Among other key performers on the sales front were emerging markets, which rose 45 per cent, while other developed markets saw growth of 19 per cent. The India formulation market, however, disappointed with growth of 3 per cent Y-o-Y, which missed estimates. The other business to disappoint was the abbreviated pharmaceutical ingredient business, which was down 13 per cent Y-o-Y. 
The company also posted a healthy operating performance. Its operating profit grew 63 per cent Y-o-Y, while gross margins were 200 basis points (bps) higher sequentially at 73.3 per cent due to a better product mix in the US market. At the operating level, margins were up 400 bps sequentially at 30.3 per cent. Margins were supported by a higher contribution from Tolvaptan.
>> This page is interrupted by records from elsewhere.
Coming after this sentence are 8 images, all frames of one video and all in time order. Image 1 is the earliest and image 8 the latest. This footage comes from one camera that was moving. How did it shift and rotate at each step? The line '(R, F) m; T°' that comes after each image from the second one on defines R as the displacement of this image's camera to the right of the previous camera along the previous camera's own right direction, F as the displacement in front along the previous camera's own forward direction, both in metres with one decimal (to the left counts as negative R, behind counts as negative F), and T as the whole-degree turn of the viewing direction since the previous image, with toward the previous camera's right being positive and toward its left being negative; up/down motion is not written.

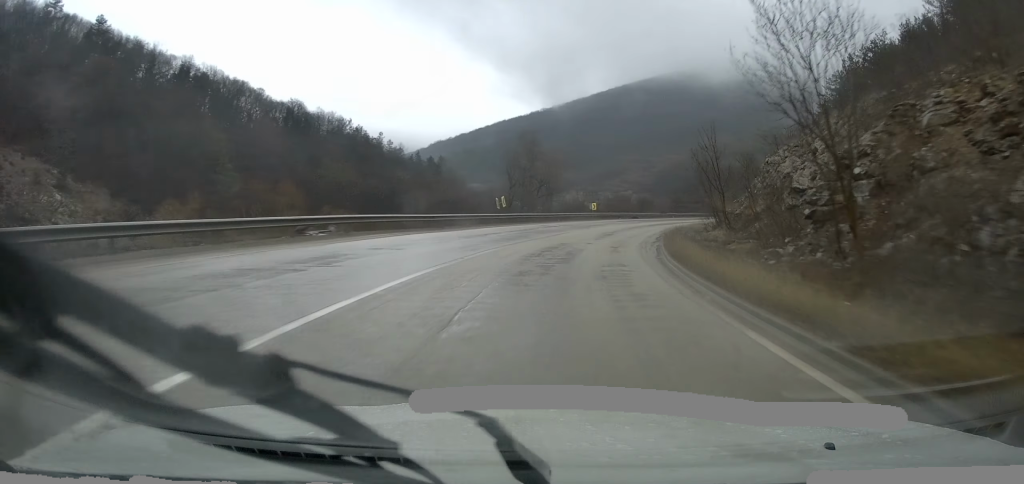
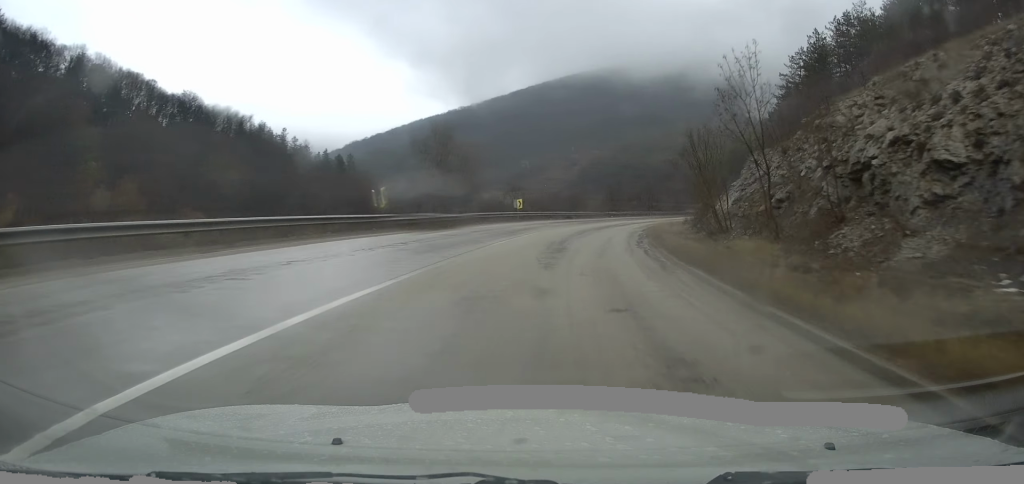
(+0.7, +16.5) m; +6°
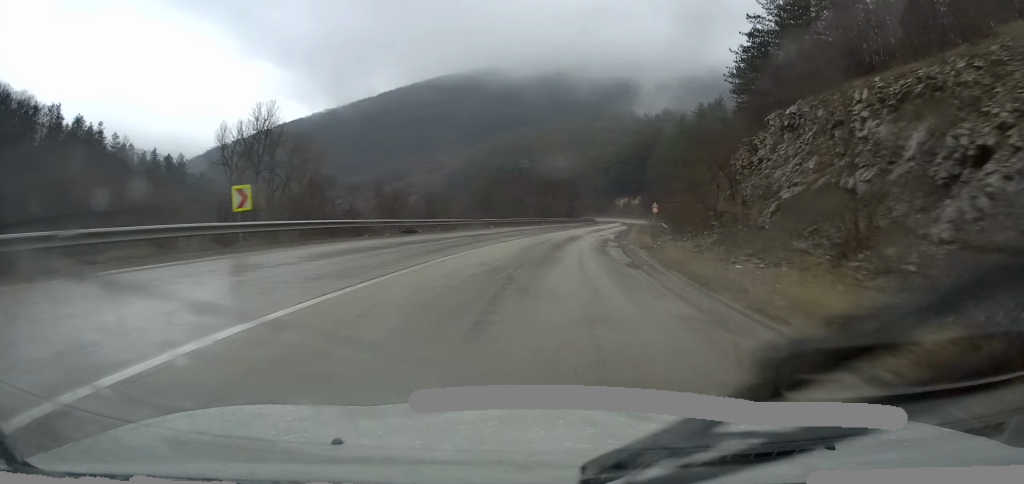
(+4.2, +34.2) m; +14°
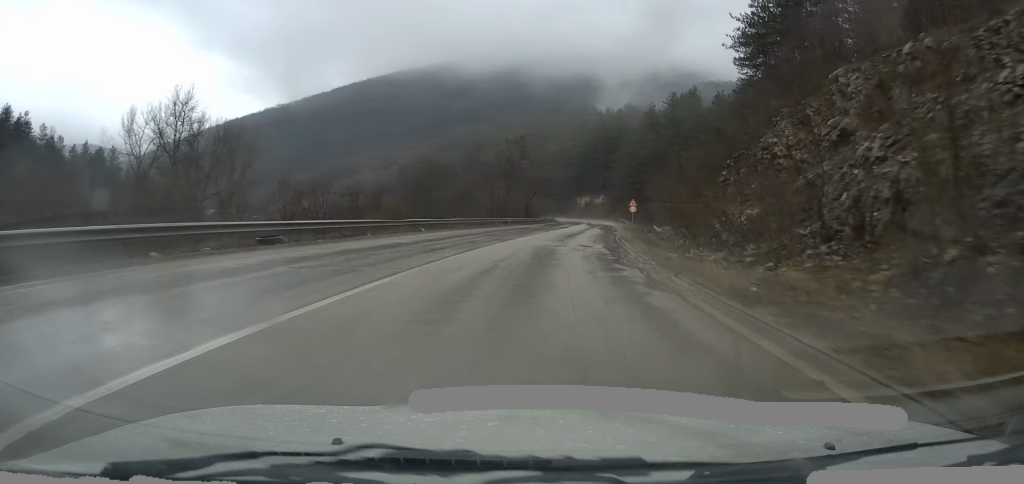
(+0.6, +14.2) m; +4°
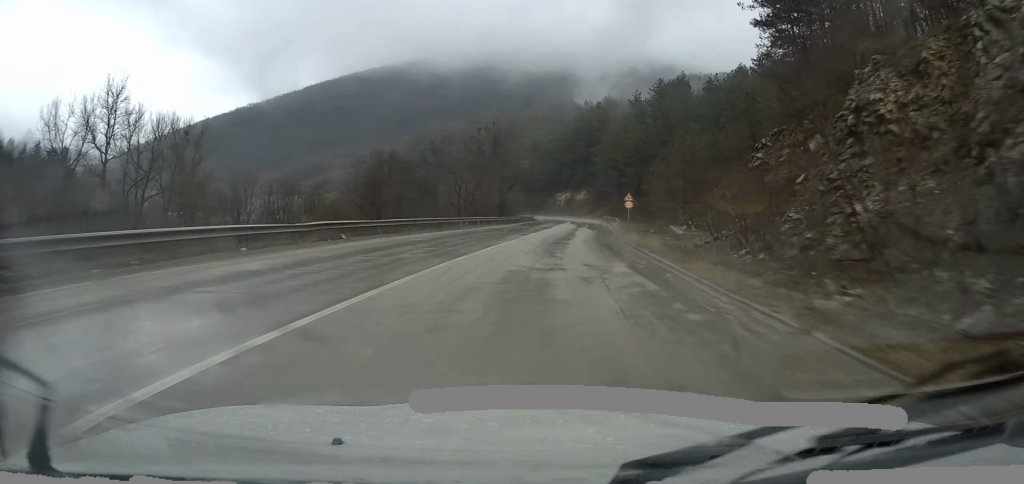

The company has increased its FY26 operating profit margin guidance to 25–26 per cent from 24–25 per cent, but indicated it would come off in FY27. 
Analysts Param Desai and Kushal Shah of Prabhudas Lilladher point out that the company saw a remarkable turnaround in profitability with a 2x jump in operating profit over 2022–23 through 2023–24, aided by a better product mix, continued niche launches in the US, clearance from the US Food and Drug Administration for facilities, domestic formulations regaining momentum, and cost-optimisation measures. 
The brokerage has maintained a ‘buy’ rating with a target price of ₹2,400 and values the stock at 24x its September 2027 earnings. Key risks are competition in Spiriva and delays in new launches in the US. 
Deven Choksey also has a ‘buy’ rating on the stock as it expects continued earnings momentum driven by a sustained rampup in US complex generics, margin expansion from a superior mix, and steady domestic growth.